Authors and Affiliations

Authors

Corresponding author

Correspondence to Nicole Mücke.

Additional information

Communicated by Tomasio Poggio.

This research was supported by the DFG via Research Unit 1735 Structural Inference in Statistics.

Appendices

Appendix A: Proof of Concentration Inequalities

Proposition A.1

Let \((Z, {\mathcal B}, {\mathbb {P}})\) be a probability space and \(\xi \) a random variable on Z with values in a real separable Hilbert space \({\mathcal H}\).
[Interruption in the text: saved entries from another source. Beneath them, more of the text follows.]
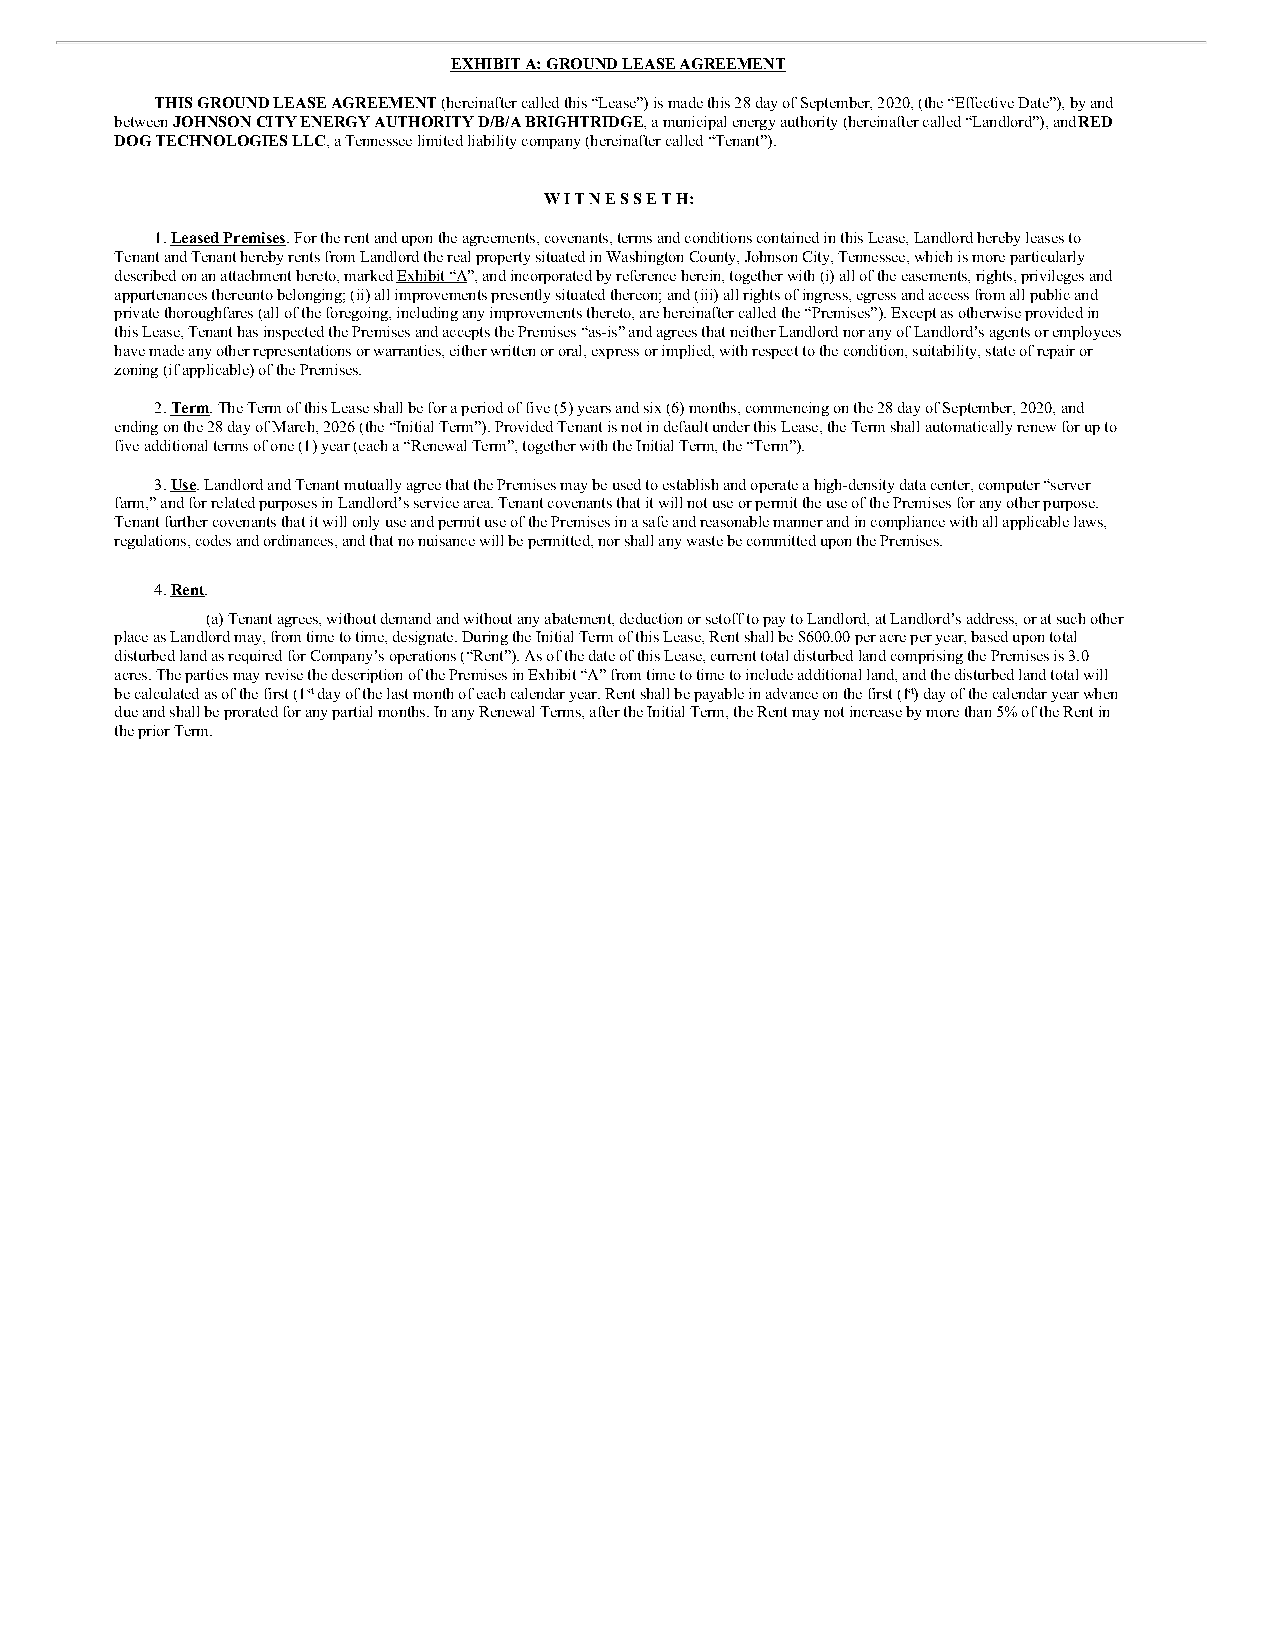
EXHIBIT A: GROUND LEASE AGREEMENT
 THIS GROUND LEASE AGREEMENT (hereinafter called this “Lease”) is made this 28 day of September, 2020, (the “Effective Date”), by and
 between JOHNSON CITY ENERGY AUTHORITY D/B/A BRIGHTRIDGE, a municipal energy authority (hereinafter called “Landlord”), and RED
 DOG TECHNOLOGIES LLC, a Tennessee limited liability company (hereinafter called “Tenant”).
 W I T N E S S E T H:
 1. Leased Premises. For the rent and upon the agreements, covenants, terms and conditions contained in this Lease, Landlord hereby leases to
 Tenant and Tenant hereby rents from Landlord the real property situated in Washington County, Johnson City, Tennessee, which is more particularly
 described on an attachment hereto, marked Exhibit “A”, and incorporated by reference herein, together with (i) all of the easements, rights, privileges and
 appurtenances thereunto belonging; (ii) all improvements presently situated thereon; and (iii) all rights of ingress, egress and access from all public and
 private thoroughfares (all of the foregoing, including any improvements thereto, are hereinafter called the “Premises”). Except as otherwise provided in
 this Lease, Tenant has inspected the Premises and accepts the Premises “as-is” and agrees that neither Landlord nor any of Landlord’s agents or employees
 have made any other representations or warranties, either written or oral, express or implied, with respect to the condition, suitability, state of repair or
 zoning (if applicable) of the Premises.
 2. Term. The Term of this Lease shall be for a period of five (5) years and six (6) months, commencing on the 28 day of September, 2020, and
 ending on the 28 day of March, 2026 (the “Initial Term”). Provided Tenant is not in default under this Lease, the Term shall automatically renew for up to
 five additional terms of one (1) year (each a “Renewal Term”, together with the Initial Term, the “Term”).
 3. Use. Landlord and Tenant mutually agree that the Premises may be used to establish and operate a high-density data center, computer “server
 farm,” and for related purposes in Landlord’s service area. Tenant covenants that it will not use or permit the use of the Premises for any other purpose.
 Tenant further covenants that it will only use and permit use of the Premises in a safe and reasonable manner and in compliance with all applicable laws,
 regulations, codes and ordinances, and that no nuisance will be permitted, nor shall any waste be committed upon the Premises.
 4. Rent.
 (a) Tenant agrees, without demand and without any abatement, deduction or setoff to pay to Landlord, at Landlord’s address, or at such other
 place as Landlord may, from time to time, designate. During the Initial Term of this Lease, Rent shall be $600.00 per acre per year, based upon total
 disturbed land as required for Company’s operations (“Rent”). As of the date of this Lease, current total disturbed land comprising the Premises is 3.0
 acres. The parties may revise the description of the Premises in Exhibit “A” from time to time to include additional land, and the disturbed land total will
 be calculated as of the first (1st day of the last month of each calendar year. Rent shall be payable in advance on the first (1st) day of the calendar year when
 due and shall be prorated for any partial months. In any Renewal Terms, after the Initial Term, the Rent may not increase by more than 5% of the Rent in
 the prior Term.

Assume that there are two positive constants L and \(\sigma \) such that for any \(m\ge 2\)

$$\begin{aligned} {\mathbb {E}}\big [ \left\| \xi - {\mathbb {E}}[\xi ] \right\| _{{\mathcal H}_1}^m \big ] \le \frac{1}{2}m!\sigma ^2L^{m-2}. \end{aligned}$$
(A.1)

If the sample \(z_1,\ldots ,z_n\) is drawn i.i.d. from Z according to \({\mathbb {P}}\), then, for any \(0<\eta <1\), with probability greater than \(1-\eta \)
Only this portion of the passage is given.